**Work item**
Could you restate the entries word for word, without the images?
_ _ _ _
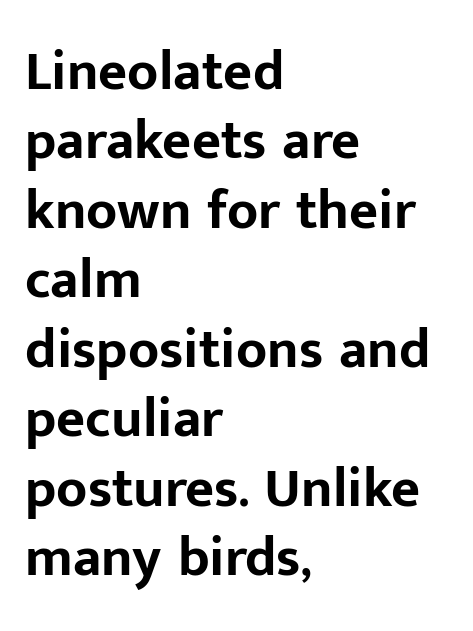
Character widths vary here, with narrow letters taking less room than wide ones. This rendering leaves character spacing at its baseline value. The lines in this sample share a left origin and differ only in where they stop. A typesetter would label this face a sans. A typesetter would mark this as roman, not italic.
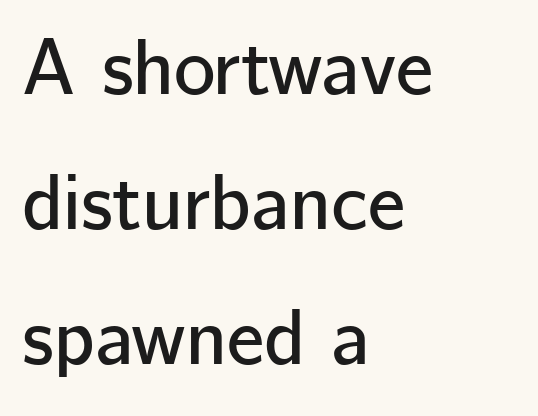
Q: Is the text italic (slanted)? A: No, it is upright.
Q: Is the typeface a serif or a sans-serif typeface? A: Sans-serif.
Q: Is the text underlined? A: No.
Q: How is the paragraph aligned? A: Left-aligned.
Q: Is the spacing between letters normal or unusually wide? A: Normal.
Q: Width (condensed, normal, or wide)? A: Normal.
Q: Stroke contrast? A: Low.
Q: x-height? A: Medium.
Q: Monospaced? A: No.
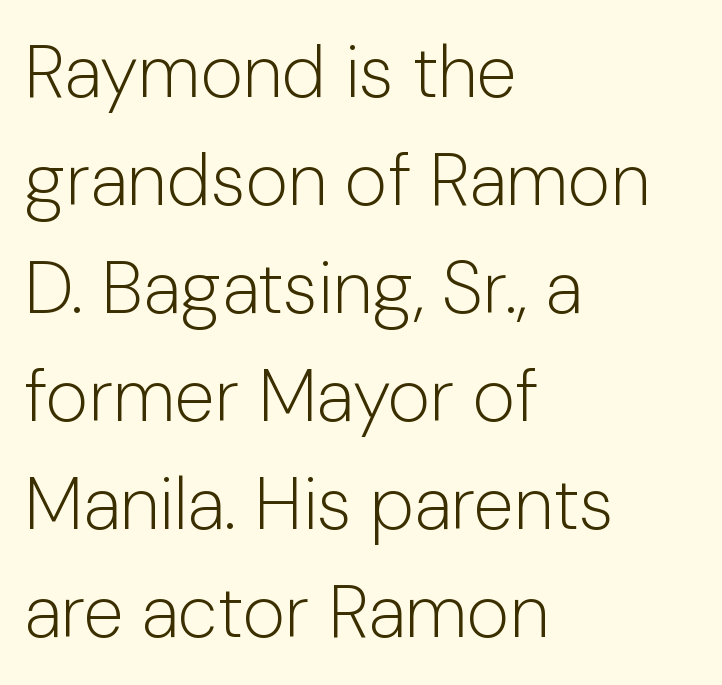
{"serif": "no", "italic": "no", "bold": "no", "weight": "light", "width": "normal", "stroke_contrast": "low", "x_height": "medium", "monospaced": "no", "underline": "no", "align": "left", "line_spacing": "normal", "line_spacing_ratio": 1.48, "letter_spacing": "normal", "letter_spacing_em": 0.0, "glyph_px": 73}
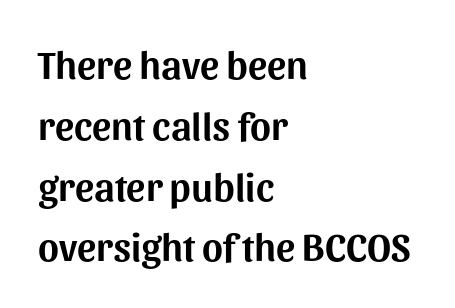
A typesetter would call this proportional, since set widths differ per character. Spacing between characters is what you'd get straight out of the box. Are there feet on the stems? There aren't — it's a sans. Casual observation: everything's shoved over to the left. The type sits square on the baseline with zero lean.
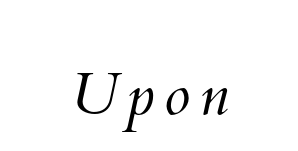
Q: Is the text bold? A: No.
Q: Is the text underlined? A: No.
Q: Width (condensed, normal, or wide)? A: Normal.
Q: Stroke contrast? A: Medium.
Q: x-height? A: Small.
Q: Monospaced? A: No.
_ _ _ _
**Result**
Character widths vary here, with narrow letters taking less room than wide ones. This rendering leaves character spacing at its baseline value. The lines in this sample share a left origin and differ only in where they stop. A typesetter would label this face a sans. A typesetter would mark this as roman, not italic.
Q: Is the text italic (slanted)? A: No, it is upright.
Q: Is the typeface a serif or a sans-serif typeface? A: Sans-serif.
Q: Is the text underlined? A: No.
Q: How is the paragraph aligned? A: Left-aligned.
Q: Is the spacing between letters normal or unusually wide? A: Normal.
Q: Width (condensed, normal, or wide)? A: Normal.
Q: Stroke contrast? A: Low.
Q: x-height? A: Medium.
Q: Monospaced? A: No.
{"serif": "no", "italic": "no", "bold": "no", "weight": "light", "width": "normal", "stroke_contrast": "low", "x_height": "medium", "monospaced": "no", "underline": "no", "align": "left", "line_spacing": "normal", "line_spacing_ratio": 1.48, "letter_spacing": "normal", "letter_spacing_em": 0.0, "glyph_px": 73}
A typesetter would call this proportional, since set widths differ per character. Spacing between characters is what you'd get straight out of the box. Are there feet on the stems? There aren't — it's a sans. Casual observation: everything's shoved over to the left. The type sits square on the baseline with zero lean.
Q: Is the text bold? A: No.
Q: Is the text underlined? A: No.
Q: Width (condensed, normal, or wide)? A: Normal.
Q: Stroke contrast? A: Medium.
Q: x-height? A: Small.
Q: Monospaced? A: No.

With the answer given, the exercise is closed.